Having resolved the claims over which this Court has original jurisdiction, the Court, in its discretion, 28 U.S.C. § 1367(c)(3);United Mine Workers v. Gibbs, 383 U.S. 715, 726 (1966), dismisses any state-law assault claim alleged therein without prejudice to Plaintiff pursuing the claim in state court. See Brandenburg v. Housing Auth. of Irvine, 253 F.3d 891 (6th Cir. 2001) (“[T]he usual course is for the district court to dismiss state-law claims without prejudice if all federal claims are disposed of on summary judgment.”); see also Moore v. Coffee Cnty., TN, 402 F.App’x 107, 108 (6th Cir. 2010) (“No abuse of discretion results from a court’s failing to anticipate an ancillary-and unvoiced-consequence of its legitimate dismissal.”). Accordingly, the Court has not addressed Plaintiff’s objections to the Magistrate Judge’s alternative recommendation to dismiss Plaintiff’s state-law assault claim on the merits.
A Judgment will be entered consistent with this Opinion and Order. See Fed. R. Civ. P. 58. Because this action was filed in forma pauperis, this Court certifies, pursuant to 28 U.S.C. § 1915(a)(3), that an appeal of this decision would not be taken in good faith. See McGore v. Wrigglesworth, 114 F.3d 601, 610 (6th Cir. 1997), overruled on other grounds by Jones v. Bock, 549 U.S. 199, 206, 211-12 (2007). Therefore:
IT IS HEREBY ORDERED that the Objections (Dkt 114) are DENIED, and the Report and Recommendation (Dkt 112) is APPROVED and ADOPTED as the Opinion of the Court, as noted herein.

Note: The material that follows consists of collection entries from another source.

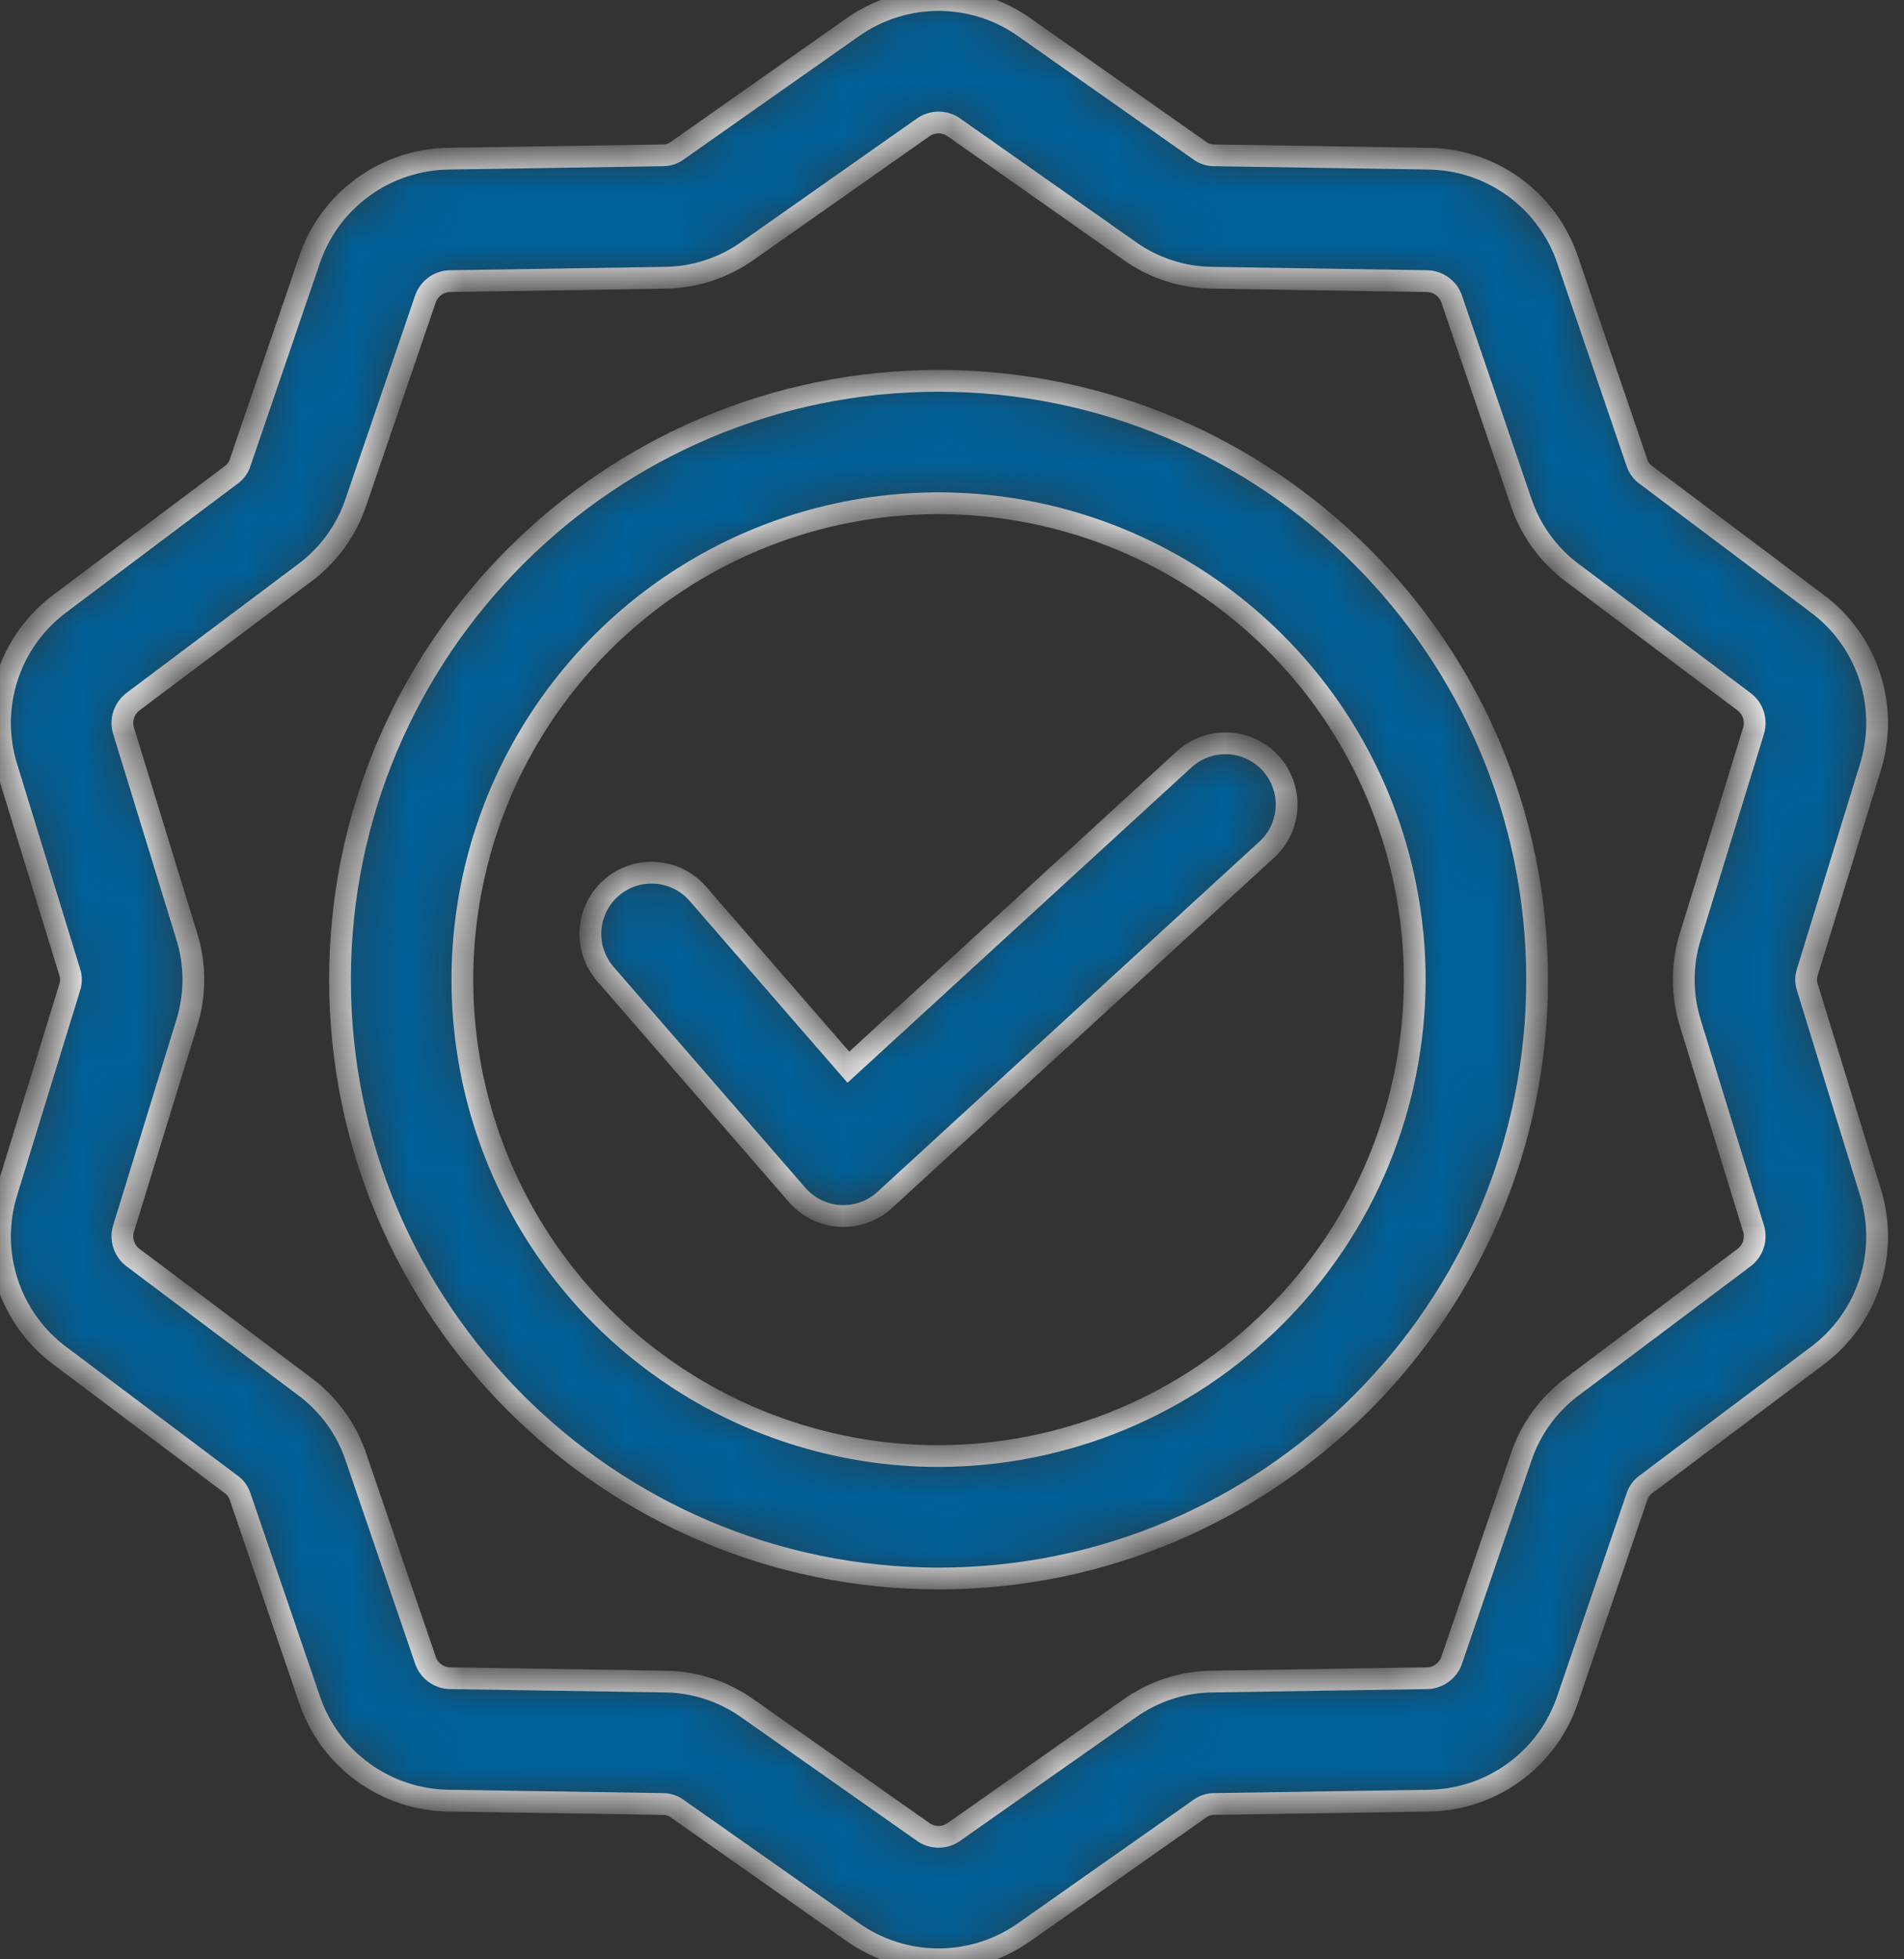 <svg width="35" height="36" viewBox="0 0 35 36" fill="none" xmlns="http://www.w3.org/2000/svg">
<rect x="0" y="0" width="35" height="36" fill="#333333" stroke="none"/>
<mask id="path-1-inside-1_1_362" fill="white">
<path d="M17.253 6.997C11.186 6.997 6.25 11.933 6.25 18C6.25 24.067 11.186 29.003 17.253 29.003C23.32 29.003 28.256 24.067 28.256 18C28.256 11.933 23.32 6.997 17.253 6.997ZM17.253 26.753C15.521 26.753 13.829 26.24 12.39 25.278C10.95 24.316 9.828 22.949 9.166 21.35C8.503 19.75 8.33 17.99 8.668 16.292C9.005 14.594 9.839 13.035 11.063 11.811C12.287 10.586 13.847 9.753 15.545 9.415C17.243 9.077 19.003 9.251 20.602 9.913C22.202 10.576 23.569 11.698 24.531 13.137C25.492 14.576 26.006 16.269 26.006 18C26.003 20.321 25.08 22.546 23.439 24.186C21.798 25.828 19.573 26.75 17.253 26.753ZM34.379 21.893L33.227 18.151C33.192 18.053 33.192 17.947 33.227 17.849L34.379 14.107C34.55 13.563 34.548 12.98 34.372 12.438C34.196 11.896 33.855 11.422 33.396 11.084L30.265 8.733C30.179 8.675 30.116 8.588 30.087 8.489L28.82 4.784C28.639 4.243 28.294 3.773 27.833 3.438C27.372 3.103 26.817 2.92 26.248 2.915L22.333 2.854C22.229 2.857 22.127 2.824 22.045 2.761L18.842 0.509C18.378 0.178 17.823 -3.05176e-05 17.253 -3.05176e-05C16.683 -3.05176e-05 16.127 0.178 15.663 0.509L12.46 2.761C12.378 2.824 12.276 2.857 12.173 2.854L8.258 2.915C7.688 2.92 7.134 3.103 6.673 3.438C6.211 3.773 5.866 4.243 5.686 4.784L4.418 8.488C4.389 8.588 4.326 8.674 4.24 8.733L1.109 11.083C0.651 11.422 0.31 11.896 0.134 12.438C-0.042 12.98 -0.045 13.563 0.127 14.107L1.278 17.849C1.313 17.947 1.313 18.053 1.278 18.151L0.127 21.893C-0.045 22.437 -0.042 23.02 0.134 23.562C0.31 24.104 0.651 24.578 1.109 24.916L4.24 27.267C4.326 27.326 4.389 27.412 4.418 27.511L5.686 31.216C5.866 31.757 6.211 32.227 6.673 32.562C7.134 32.897 7.688 33.08 8.258 33.085L12.172 33.146C12.276 33.143 12.378 33.176 12.46 33.239L15.663 35.491C16.127 35.822 16.683 36 17.253 36C17.823 36 18.378 35.822 18.842 35.491L22.045 33.239C22.127 33.176 22.229 33.143 22.333 33.146L26.248 33.085C26.817 33.08 27.372 32.897 27.833 32.562C28.294 32.227 28.639 31.757 28.819 31.216L30.087 27.512C30.117 27.412 30.179 27.326 30.265 27.267L33.396 24.917C33.855 24.578 34.196 24.104 34.372 23.562C34.548 23.02 34.55 22.437 34.379 21.893ZM32.046 23.117L28.915 25.468C28.468 25.797 28.134 26.256 27.959 26.783L26.691 30.488C26.66 30.59 26.596 30.679 26.51 30.741C26.424 30.804 26.32 30.837 26.213 30.835L22.298 30.896C21.743 30.899 21.203 31.075 20.752 31.399L17.548 33.65C17.463 33.715 17.359 33.749 17.253 33.749C17.146 33.749 17.042 33.715 16.957 33.65L13.754 31.398C13.303 31.075 12.763 30.899 12.208 30.896L8.293 30.835C8.186 30.837 8.082 30.804 7.996 30.741C7.909 30.679 7.846 30.59 7.815 30.488L6.547 26.783C6.372 26.256 6.038 25.797 5.591 25.468L2.459 23.117C2.372 23.056 2.307 22.968 2.274 22.867C2.241 22.765 2.242 22.656 2.277 22.555L3.428 18.813C3.597 18.284 3.597 17.716 3.428 17.187L2.277 13.445C2.242 13.344 2.241 13.235 2.274 13.133C2.307 13.031 2.372 12.944 2.459 12.882L5.591 10.532C6.038 10.203 6.372 9.743 6.546 9.216L7.814 5.512C7.845 5.41 7.909 5.321 7.995 5.258C8.081 5.196 8.186 5.163 8.292 5.165L12.207 5.104C12.762 5.1 13.303 4.925 13.754 4.601L16.957 2.35C17.043 2.285 17.146 2.251 17.253 2.251C17.36 2.251 17.463 2.285 17.549 2.35L20.751 4.601C21.202 4.925 21.743 5.101 22.298 5.104L26.212 5.165C26.319 5.163 26.424 5.196 26.51 5.259C26.596 5.321 26.66 5.41 26.691 5.512L27.958 9.217C28.133 9.744 28.467 10.203 28.914 10.532L32.046 12.883C32.133 12.944 32.199 13.032 32.231 13.133C32.264 13.235 32.264 13.344 32.229 13.445L31.077 17.187C30.909 17.716 30.909 18.284 31.077 18.813L32.229 22.555C32.263 22.656 32.264 22.765 32.231 22.867C32.198 22.968 32.133 23.056 32.046 23.117ZM23.355 14.021C23.455 14.13 23.533 14.258 23.583 14.397C23.634 14.536 23.657 14.683 23.65 14.831C23.644 14.978 23.608 15.123 23.546 15.257C23.483 15.391 23.395 15.511 23.286 15.611L16.263 22.048C16.056 22.238 15.785 22.343 15.503 22.343C15.482 22.343 15.461 22.342 15.439 22.341C15.289 22.333 15.143 22.294 15.008 22.228C14.873 22.162 14.752 22.069 14.654 21.956L11.13 17.899C11.033 17.787 10.959 17.658 10.911 17.517C10.864 17.377 10.845 17.229 10.855 17.081C10.866 16.934 10.905 16.79 10.971 16.657C11.037 16.524 11.128 16.406 11.24 16.309C11.352 16.212 11.482 16.138 11.622 16.091C11.762 16.045 11.911 16.026 12.058 16.037C12.206 16.047 12.35 16.087 12.482 16.153C12.614 16.22 12.732 16.311 12.829 16.423L15.595 19.608L21.766 13.953C21.986 13.751 22.277 13.645 22.575 13.658C22.873 13.671 23.154 13.802 23.355 14.021Z"/>
</mask>
<path d="M17.253 6.997C11.186 6.997 6.25 11.933 6.25 18C6.25 24.067 11.186 29.003 17.253 29.003C23.32 29.003 28.256 24.067 28.256 18C28.256 11.933 23.32 6.997 17.253 6.997ZM17.253 26.753C15.521 26.753 13.829 26.24 12.39 25.278C10.95 24.316 9.828 22.949 9.166 21.35C8.503 19.75 8.33 17.99 8.668 16.292C9.005 14.594 9.839 13.035 11.063 11.811C12.287 10.586 13.847 9.753 15.545 9.415C17.243 9.077 19.003 9.251 20.602 9.913C22.202 10.576 23.569 11.698 24.531 13.137C25.492 14.576 26.006 16.269 26.006 18C26.003 20.321 25.08 22.546 23.439 24.186C21.798 25.828 19.573 26.75 17.253 26.753ZM34.379 21.893L33.227 18.151C33.192 18.053 33.192 17.947 33.227 17.849L34.379 14.107C34.55 13.563 34.548 12.98 34.372 12.438C34.196 11.896 33.855 11.422 33.396 11.084L30.265 8.733C30.179 8.675 30.116 8.588 30.087 8.489L28.82 4.784C28.639 4.243 28.294 3.773 27.833 3.438C27.372 3.103 26.817 2.92 26.248 2.915L22.333 2.854C22.229 2.857 22.127 2.824 22.045 2.761L18.842 0.509C18.378 0.178 17.823 -3.05176e-05 17.253 -3.05176e-05C16.683 -3.05176e-05 16.127 0.178 15.663 0.509L12.46 2.761C12.378 2.824 12.276 2.857 12.173 2.854L8.258 2.915C7.688 2.92 7.134 3.103 6.673 3.438C6.211 3.773 5.866 4.243 5.686 4.784L4.418 8.488C4.389 8.588 4.326 8.674 4.24 8.733L1.109 11.083C0.651 11.422 0.31 11.896 0.134 12.438C-0.042 12.98 -0.045 13.563 0.127 14.107L1.278 17.849C1.313 17.947 1.313 18.053 1.278 18.151L0.127 21.893C-0.045 22.437 -0.042 23.02 0.134 23.562C0.31 24.104 0.651 24.578 1.109 24.916L4.24 27.267C4.326 27.326 4.389 27.412 4.418 27.511L5.686 31.216C5.866 31.757 6.211 32.227 6.673 32.562C7.134 32.897 7.688 33.08 8.258 33.085L12.172 33.146C12.276 33.143 12.378 33.176 12.46 33.239L15.663 35.491C16.127 35.822 16.683 36 17.253 36C17.823 36 18.378 35.822 18.842 35.491L22.045 33.239C22.127 33.176 22.229 33.143 22.333 33.146L26.248 33.085C26.817 33.08 27.372 32.897 27.833 32.562C28.294 32.227 28.639 31.757 28.819 31.216L30.087 27.512C30.117 27.412 30.179 27.326 30.265 27.267L33.396 24.917C33.855 24.578 34.196 24.104 34.372 23.562C34.548 23.02 34.55 22.437 34.379 21.893ZM32.046 23.117L28.915 25.468C28.468 25.797 28.134 26.256 27.959 26.783L26.691 30.488C26.66 30.59 26.596 30.679 26.51 30.741C26.424 30.804 26.32 30.837 26.213 30.835L22.298 30.896C21.743 30.899 21.203 31.075 20.752 31.399L17.548 33.65C17.463 33.715 17.359 33.749 17.253 33.749C17.146 33.749 17.042 33.715 16.957 33.65L13.754 31.398C13.303 31.075 12.763 30.899 12.208 30.896L8.293 30.835C8.186 30.837 8.082 30.804 7.996 30.741C7.909 30.679 7.846 30.59 7.815 30.488L6.547 26.783C6.372 26.256 6.038 25.797 5.591 25.468L2.459 23.117C2.372 23.056 2.307 22.968 2.274 22.867C2.241 22.765 2.242 22.656 2.277 22.555L3.428 18.813C3.597 18.284 3.597 17.716 3.428 17.187L2.277 13.445C2.242 13.344 2.241 13.235 2.274 13.133C2.307 13.031 2.372 12.944 2.459 12.882L5.591 10.532C6.038 10.203 6.372 9.743 6.546 9.216L7.814 5.512C7.845 5.41 7.909 5.321 7.995 5.258C8.081 5.196 8.186 5.163 8.292 5.165L12.207 5.104C12.762 5.1 13.303 4.925 13.754 4.601L16.957 2.35C17.043 2.285 17.146 2.251 17.253 2.251C17.36 2.251 17.463 2.285 17.549 2.35L20.751 4.601C21.202 4.925 21.743 5.101 22.298 5.104L26.212 5.165C26.319 5.163 26.424 5.196 26.51 5.259C26.596 5.321 26.66 5.41 26.691 5.512L27.958 9.217C28.133 9.744 28.467 10.203 28.914 10.532L32.046 12.883C32.133 12.944 32.199 13.032 32.231 13.133C32.264 13.235 32.264 13.344 32.229 13.445L31.077 17.187C30.909 17.716 30.909 18.284 31.077 18.813L32.229 22.555C32.263 22.656 32.264 22.765 32.231 22.867C32.198 22.968 32.133 23.056 32.046 23.117ZM23.355 14.021C23.455 14.13 23.533 14.258 23.583 14.397C23.634 14.536 23.657 14.683 23.65 14.831C23.644 14.978 23.608 15.123 23.546 15.257C23.483 15.391 23.395 15.511 23.286 15.611L16.263 22.048C16.056 22.238 15.785 22.343 15.503 22.343C15.482 22.343 15.461 22.342 15.439 22.341C15.289 22.333 15.143 22.294 15.008 22.228C14.873 22.162 14.752 22.069 14.654 21.956L11.13 17.899C11.033 17.787 10.959 17.658 10.911 17.517C10.864 17.377 10.845 17.229 10.855 17.081C10.866 16.934 10.905 16.79 10.971 16.657C11.037 16.524 11.128 16.406 11.24 16.309C11.352 16.212 11.482 16.138 11.622 16.091C11.762 16.045 11.911 16.026 12.058 16.037C12.206 16.047 12.35 16.087 12.482 16.153C12.614 16.22 12.732 16.311 12.829 16.423L15.595 19.608L21.766 13.953C21.986 13.751 22.277 13.645 22.575 13.658C22.873 13.671 23.154 13.802 23.355 14.021Z" fill="#006098" stroke="white" stroke-width="0.4" mask="url(#path-1-inside-1_1_362)"/>
</svg>

IT IS FURTHER ORDERED that Plaintiff’s Motion for Summary Judgment (Dkt 83) is DENIED.
IT IS FURTHER ORDERED that Defendant Sisson’s Motion for Summary Judgment (Dkt 98) is GRANTED, and the Eighth Amendment excessive force and First Amendment retaliation claims alleged against Defendant Sisson in Plaintiff’s Amended Complaint (Dkt 13) are DISMISSED WITH PREJUDICE, for the reasons stated in the Report and Recommendation.
IT IS FURTHER ORDERED that any state-law assault claim Plaintiff alleges in his Amended Complaint (Dkt 13) is DISMISSED WITHOUT PREJUDICE, for the reasons stated in the Report and Recommendation.
IT IS FURTHER ORDERED that the Court certifies pursuant to 28 U.S.C. § 1915(a) that an appeal of the Judgment would not be taken in good faith.